> _PROBLEM DESCRIPTION_
Pictures excluded, reproduce exactly the lines below from the one with "Hernia: negative" through the one with "Season: NotSpecified", both included.

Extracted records

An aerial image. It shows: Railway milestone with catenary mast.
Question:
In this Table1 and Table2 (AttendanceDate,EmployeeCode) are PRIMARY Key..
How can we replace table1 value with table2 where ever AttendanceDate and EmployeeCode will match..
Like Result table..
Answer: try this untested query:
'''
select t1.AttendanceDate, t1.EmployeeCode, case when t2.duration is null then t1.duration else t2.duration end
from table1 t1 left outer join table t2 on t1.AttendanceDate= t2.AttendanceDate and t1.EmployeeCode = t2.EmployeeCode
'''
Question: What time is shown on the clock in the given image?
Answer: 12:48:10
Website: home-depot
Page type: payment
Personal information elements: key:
==
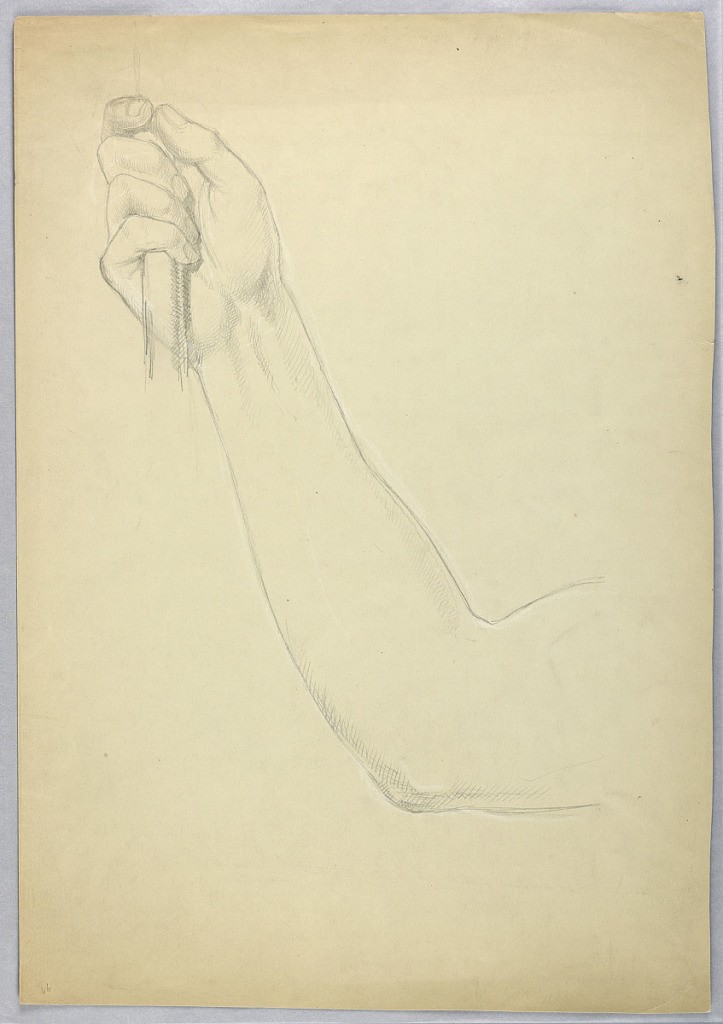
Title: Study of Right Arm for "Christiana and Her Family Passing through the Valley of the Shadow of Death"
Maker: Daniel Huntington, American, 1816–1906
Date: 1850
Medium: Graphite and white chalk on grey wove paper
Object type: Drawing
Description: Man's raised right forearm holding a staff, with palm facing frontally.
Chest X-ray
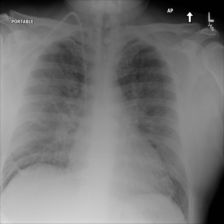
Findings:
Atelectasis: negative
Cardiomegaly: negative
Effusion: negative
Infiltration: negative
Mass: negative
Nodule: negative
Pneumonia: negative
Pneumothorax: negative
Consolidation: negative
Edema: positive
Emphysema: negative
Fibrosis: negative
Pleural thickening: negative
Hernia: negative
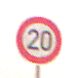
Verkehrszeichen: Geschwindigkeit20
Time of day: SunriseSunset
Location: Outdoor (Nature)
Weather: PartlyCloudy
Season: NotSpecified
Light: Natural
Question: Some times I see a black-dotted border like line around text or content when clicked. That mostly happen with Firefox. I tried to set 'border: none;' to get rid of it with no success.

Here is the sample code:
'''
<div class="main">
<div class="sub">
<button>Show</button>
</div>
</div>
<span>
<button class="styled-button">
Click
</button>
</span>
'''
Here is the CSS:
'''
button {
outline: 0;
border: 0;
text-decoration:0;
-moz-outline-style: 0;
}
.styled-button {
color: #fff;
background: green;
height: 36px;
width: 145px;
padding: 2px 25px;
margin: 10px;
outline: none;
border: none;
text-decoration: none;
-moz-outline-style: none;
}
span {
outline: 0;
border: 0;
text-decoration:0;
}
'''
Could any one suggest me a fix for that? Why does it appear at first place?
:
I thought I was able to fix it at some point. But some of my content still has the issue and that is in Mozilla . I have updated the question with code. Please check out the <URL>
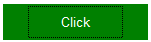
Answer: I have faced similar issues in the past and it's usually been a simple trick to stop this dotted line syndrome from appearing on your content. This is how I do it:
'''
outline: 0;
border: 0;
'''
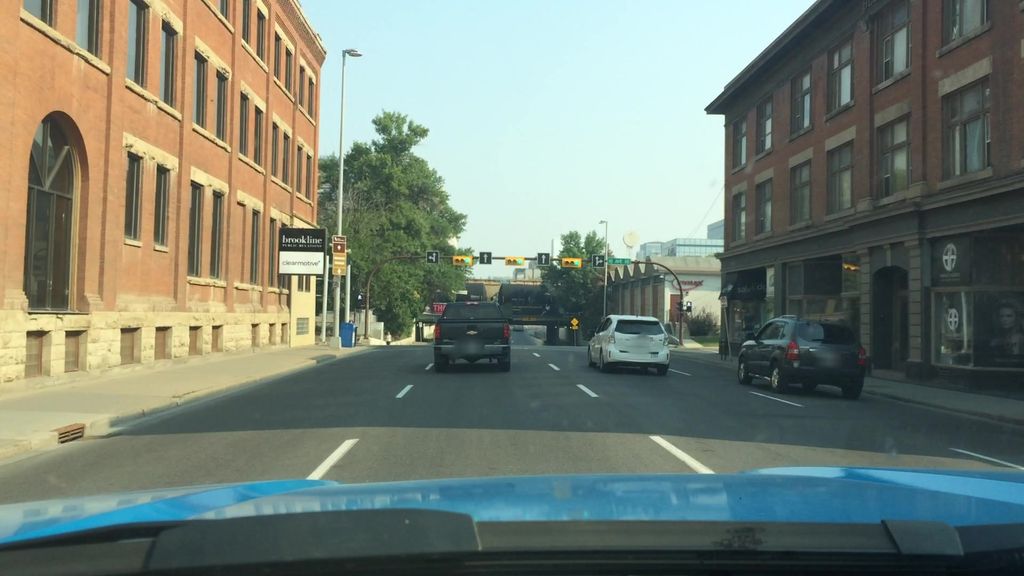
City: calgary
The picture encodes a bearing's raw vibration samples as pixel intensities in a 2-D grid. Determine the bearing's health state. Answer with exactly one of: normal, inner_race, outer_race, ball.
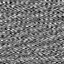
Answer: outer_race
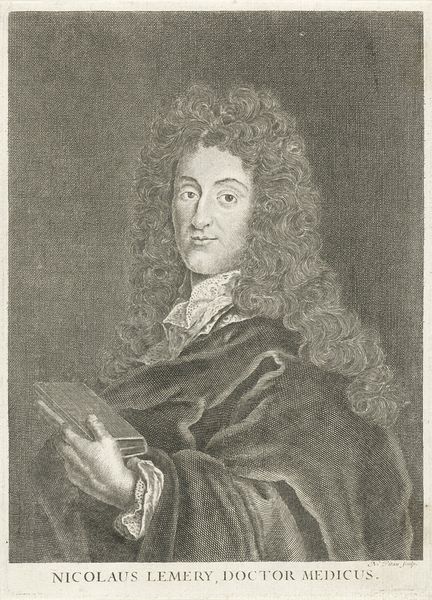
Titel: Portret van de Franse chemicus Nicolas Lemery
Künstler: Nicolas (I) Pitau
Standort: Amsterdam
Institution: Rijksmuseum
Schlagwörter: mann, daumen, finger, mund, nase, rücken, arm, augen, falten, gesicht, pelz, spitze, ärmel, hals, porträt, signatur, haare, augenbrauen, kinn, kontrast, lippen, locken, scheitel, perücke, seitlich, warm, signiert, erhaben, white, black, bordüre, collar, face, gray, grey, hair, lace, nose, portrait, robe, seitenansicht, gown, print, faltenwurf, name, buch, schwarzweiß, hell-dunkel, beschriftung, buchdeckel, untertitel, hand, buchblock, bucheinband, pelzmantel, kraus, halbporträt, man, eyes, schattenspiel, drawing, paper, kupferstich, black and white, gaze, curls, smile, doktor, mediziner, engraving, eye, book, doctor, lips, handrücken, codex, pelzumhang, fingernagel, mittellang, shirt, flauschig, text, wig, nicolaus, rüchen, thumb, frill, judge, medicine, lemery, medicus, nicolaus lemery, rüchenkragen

> _WRITTEN ANSWER_
Hernia: negative
Verkehrszeichen: Geschwindigkeit20
Time of day: SunriseSunset
Location: Outdoor (Nature)
Weather: PartlyCloudy
Season: NotSpecified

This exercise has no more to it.